Section 217 of the South Africa Constitution requires that all procurement is conducted in a fair, transparent, efficient, cost-effective and competitive manner. Therefore, all potential bidders need to ensure that interaction with any organ of state does not infringe upon another service providers’ opportunity to conduct business with the state. 

Work has been undertaken to develop business cases for each of the four Municipal Energy Resilience (MER) project components - including different technology solutions and scales:

  • Municipal utility scale electricity procurement from Independent Power Producers (IPPs) (>10MW)
  • New distributed generation capacity at sub-utility scale (1-10MW)
  • New self-generation at small-scale embedded generation (SSEG) scale (< 1 MW)
  • Large scale battery storage

Part of the preparatory / feasibility work for the above projects will require municipal assessments of current and projected energy consumption figures and assessments of the best means to procure the renewable energy required in a way that enables new energy that improves energy supply reliability, is affordable to customers and maintains the financial sustainability of municipalities.

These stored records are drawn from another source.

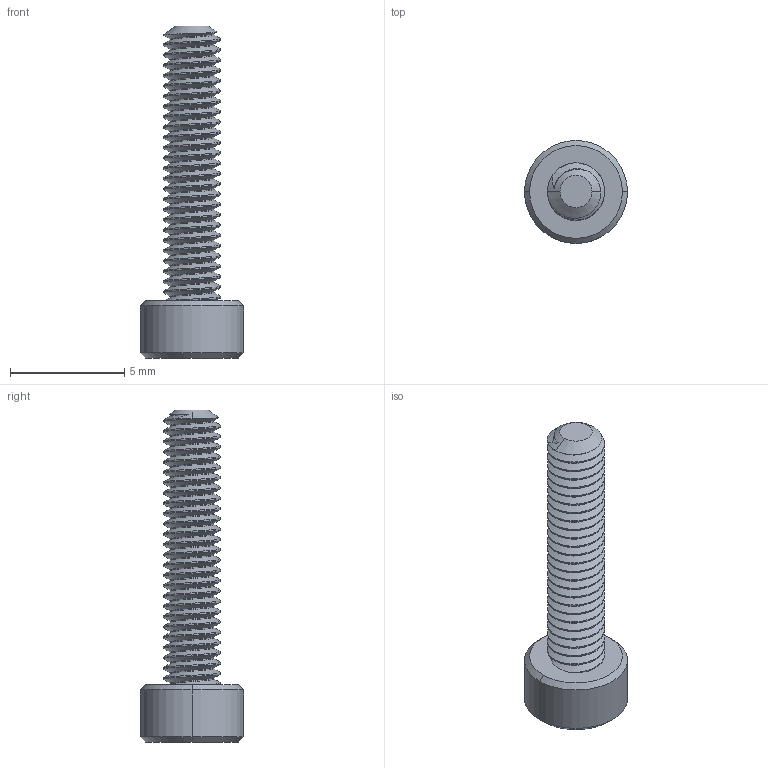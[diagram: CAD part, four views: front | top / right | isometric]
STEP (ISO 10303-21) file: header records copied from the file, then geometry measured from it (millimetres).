
FILE_DESCRIPTION(/* description */ (''),/* implementation_level */ '2;1');
FILE_NAME(/* name */ 'M2.5 x 12_v1.step',/* time_stamp */ '2023-01-28T13:12:55-08:00',/* author */ (''),/* organization */ (''),/* preprocessor_version */ 'ST-DEVELOPER v19.2',/* originating_system */ 'Autodesk Translation Framework v11.17.0.187',/* authorisation */ '');
FILE_SCHEMA (('AUTOMOTIVE_DESIGN { 1 0 10303 214 3 1 1 }'));
Length unit declared in the file: millimetre
Products named in the file (2): M2.5 x 12; 91292A016_18-8 Stainless Steel Socket Head Screw
Assembly tree (1 placements, depth 2):
  M2.5 x 12
    91292A016_18-8 Stainless Steel Socket Head Screw
Bounding box: 4.5 x 4.5 x 14.5 mm (x, y, z)
Volume: 79.8 mm3; surface area: 216.2 mm2
Topology: 1 solids, 1 shells, 133 faces, 370 edges, 241 vertices
Faces by surface type: cylinder 108, cone 13, plane 10, bspline 2
Entity records: 6727 total; most frequent: CARTESIAN_POINT 3909, ORIENTED_EDGE 740, DIRECTION 437, EDGE_CURVE 370, VERTEX_POINT 241, AXIS2_PLACEMENT_3D 156, EDGE_LOOP 135, FACE_OUTER_BOUND 133

The MER project is an ongoing programme, with various stages of project development and implementation and would require various services and goods at various intervals / stages of the project. The Western Cape Government and municipalities will engage the energy sector on a continual basis to procure services and goods as and when required. Potential service providers are hereby encouraged to monitor the advertising platforms of the national and provincial government and the municipalities for any potential procurement request relating to energy sector services, goods and/or infrastructure.

Service providers need to take cognisance of Section 117 and 118 of the Municipal Financial Management Act, 2003 which prohibits councillors, municipal officials or any other person involved in the MER project from interfering in procurement processes or accepting proposals prior to a request of submission being advertised. Service providers are encouraged not to solicit any of the above-mentioned persons to consider a specific service provider that will breach the pillars of procurement highlighted in Section 217 of the Constitution of South Africa. This will potentially disqualify the service provider from all energy procurement processes if any interference has been detected.